- Work task: Transcribe every entry word for word.
[[ Exercise data, beginning ]]
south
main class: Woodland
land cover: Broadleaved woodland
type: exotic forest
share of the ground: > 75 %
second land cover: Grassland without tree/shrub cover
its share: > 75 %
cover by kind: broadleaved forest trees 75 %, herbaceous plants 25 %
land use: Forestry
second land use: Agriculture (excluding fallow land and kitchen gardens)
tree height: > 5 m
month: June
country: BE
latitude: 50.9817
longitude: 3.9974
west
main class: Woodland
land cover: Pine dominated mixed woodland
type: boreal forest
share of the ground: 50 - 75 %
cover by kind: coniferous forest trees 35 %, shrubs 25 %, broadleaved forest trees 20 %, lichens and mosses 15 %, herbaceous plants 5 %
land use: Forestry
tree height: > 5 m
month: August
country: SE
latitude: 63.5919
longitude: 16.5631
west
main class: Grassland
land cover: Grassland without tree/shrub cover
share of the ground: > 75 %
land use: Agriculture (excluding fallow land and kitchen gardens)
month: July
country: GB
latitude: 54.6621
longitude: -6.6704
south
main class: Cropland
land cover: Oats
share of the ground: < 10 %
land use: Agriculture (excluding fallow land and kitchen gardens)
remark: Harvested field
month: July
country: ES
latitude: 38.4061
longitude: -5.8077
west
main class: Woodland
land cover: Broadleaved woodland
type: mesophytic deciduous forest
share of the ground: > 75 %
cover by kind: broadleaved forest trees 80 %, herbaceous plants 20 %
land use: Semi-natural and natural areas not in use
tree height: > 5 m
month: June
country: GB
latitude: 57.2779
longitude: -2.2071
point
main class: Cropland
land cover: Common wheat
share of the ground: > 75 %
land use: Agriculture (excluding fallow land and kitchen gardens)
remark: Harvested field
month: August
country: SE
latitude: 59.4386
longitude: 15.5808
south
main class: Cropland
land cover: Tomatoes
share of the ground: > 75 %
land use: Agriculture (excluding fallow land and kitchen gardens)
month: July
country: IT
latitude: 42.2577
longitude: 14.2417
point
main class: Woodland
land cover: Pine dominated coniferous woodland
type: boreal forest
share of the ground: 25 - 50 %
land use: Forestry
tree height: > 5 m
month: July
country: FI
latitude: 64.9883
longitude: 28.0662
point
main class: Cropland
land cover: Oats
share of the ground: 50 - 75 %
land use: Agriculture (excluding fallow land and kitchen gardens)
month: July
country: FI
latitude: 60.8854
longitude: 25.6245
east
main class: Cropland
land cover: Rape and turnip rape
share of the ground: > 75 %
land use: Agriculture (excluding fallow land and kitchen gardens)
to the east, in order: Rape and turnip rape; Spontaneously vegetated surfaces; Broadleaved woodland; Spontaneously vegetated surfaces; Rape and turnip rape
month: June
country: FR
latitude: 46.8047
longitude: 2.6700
[[ Exercise data, end ]]
- Expected answer:
south
main class: Woodland
land cover: Broadleaved woodland
type: exotic forest
share of the ground: > 75 %
second land cover: Grassland without tree/shrub cover
its share: > 75 %
cover by kind: broadleaved forest trees 75 %, herbaceous plants 25 %
land use: Forestry
second land use: Agriculture (excluding fallow land and kitchen gardens)
tree height: > 5 m
month: June
country: BE
latitude: 50.9817
longitude: 3.9974
west
main class: Woodland
land cover: Pine dominated mixed woodland
type: boreal forest
share of the ground: 50 - 75 %
cover by kind: coniferous forest trees 35 %, shrubs 25 %, broadleaved forest trees 20 %, lichens and mosses 15 %, herbaceous plants 5 %
land use: Forestry
tree height: > 5 m
month: August
country: SE
latitude: 63.5919
longitude: 16.5631
west
main class: Grassland
land cover: Grassland without tree/shrub cover
share of the ground: > 75 %
land use: Agriculture (excluding fallow land and kitchen gardens)
month: July
country: GB
latitude: 54.6621
longitude: -6.6704
south
main class: Cropland
land cover: Oats
share of the ground: < 10 %
land use: Agriculture (excluding fallow land and kitchen gardens)
remark: Harvested field
month: July
country: ES
latitude: 38.4061
longitude: -5.8077
west
main class: Woodland
land cover: Broadleaved woodland
type: mesophytic deciduous forest
share of the ground: > 75 %
cover by kind: broadleaved forest trees 80 %, herbaceous plants 20 %
land use: Semi-natural and natural areas not in use
tree height: > 5 m
month: June
country: GB
latitude: 57.2779
longitude: -2.2071
point
main class: Cropland
land cover: Common wheat
share of the ground: > 75 %
land use: Agriculture (excluding fallow land and kitchen gardens)
remark: Harvested field
month: August
country: SE
latitude: 59.4386
longitude: 15.5808
south
main class: Cropland
land cover: Tomatoes
share of the ground: > 75 %
land use: Agriculture (excluding fallow land and kitchen gardens)
month: July
country: IT
latitude: 42.2577
longitude: 14.2417
point
main class: Woodland
land cover: Pine dominated coniferous woodland
type: boreal forest
share of the ground: 25 - 50 %
land use: Forestry
tree height: > 5 m
month: July
country: FI
latitude: 64.9883
longitude: 28.0662
point
main class: Cropland
land cover: Oats
share of the ground: 50 - 75 %
land use: Agriculture (excluding fallow land and kitchen gardens)
month: July
country: FI
latitude: 60.8854
longitude: 25.6245
east
main class: Cropland
land cover: Rape and turnip rape
share of the ground: > 75 %
land use: Agriculture (excluding fallow land and kitchen gardens)
to the east, in order: Rape and turnip rape; Spontaneously vegetated surfaces; Broadleaved woodland; Spontaneously vegetated surfaces; Rape and turnip rape
month: June
country: FR
latitude: 46.8047
longitude: 2.6700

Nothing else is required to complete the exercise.